In May, Judge sent Diaz a letter addressing violations of the city’s bicycle helmet law, noting concerns about disproportionate enforcement, especially among Black, Native and homeless riders.
The discussions with SPD, which have included representatives from groups such as the ACLU, Central Seattle Greenways, Equal Rights Washington and Public Health — Seattle & King County, grew from there and resulted in the changes Diaz announced Friday, Judge said in a phone interview.
Back in February, for instance, Central Seattle Greenways, which advocates for safe streets in the Central District and on Capitol Hill, addressed the issue of bike helmets on its website:
“We believe that unnecessary contact between police and people who bike should be minimized, and that Black, Indigenous, and homeless riders should not disproportionately bear the burden of helmet citations in Seattle. While helmets can reduce head injuries in some crashes, we are concerned that the helmet law does more harm than good.”

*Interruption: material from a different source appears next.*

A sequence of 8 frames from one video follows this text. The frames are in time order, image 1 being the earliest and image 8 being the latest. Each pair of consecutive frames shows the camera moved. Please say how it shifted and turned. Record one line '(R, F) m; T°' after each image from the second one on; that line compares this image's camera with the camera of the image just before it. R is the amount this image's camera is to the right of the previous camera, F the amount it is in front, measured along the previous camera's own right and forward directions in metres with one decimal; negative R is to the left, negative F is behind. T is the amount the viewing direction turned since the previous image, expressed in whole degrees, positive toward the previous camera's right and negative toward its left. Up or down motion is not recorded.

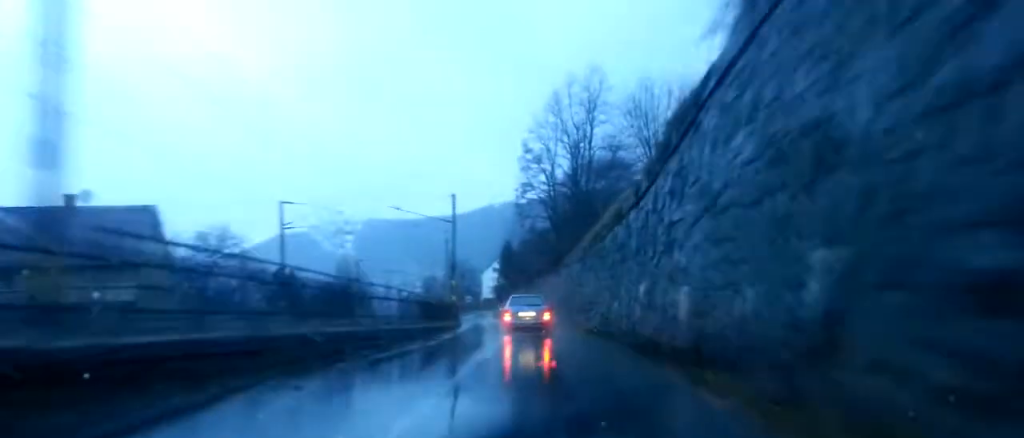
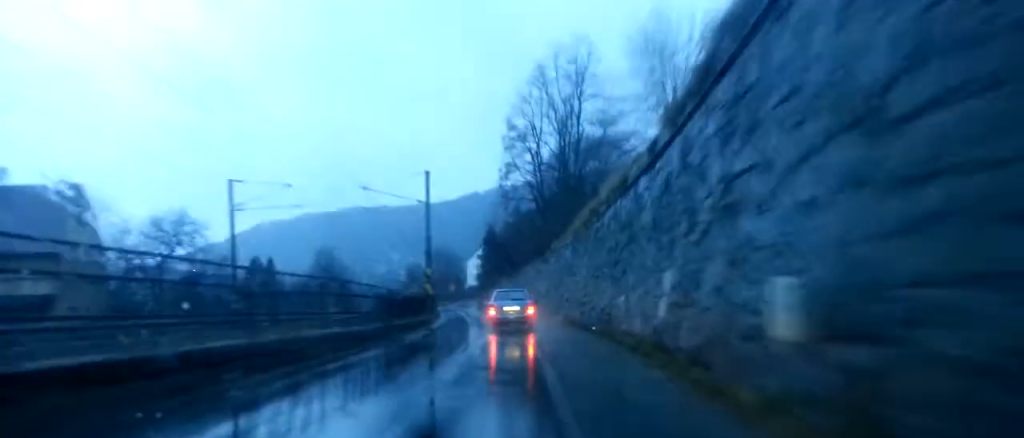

Judge said more changes are in the works for what she described as a “rolling project” to reduce traffic stops and potential negative interactions between officers and members of the community.
“I think it is one way to start confronting disparity in enforcement,” she said. “This is the first set of violations where there isn’t a strong nexus to safety. [Not enforcing them is] not going to make people less safe as pedestrians or motorists but they will reduce negative interactions with a police officer and the danger that can sometimes erupt in those situations.”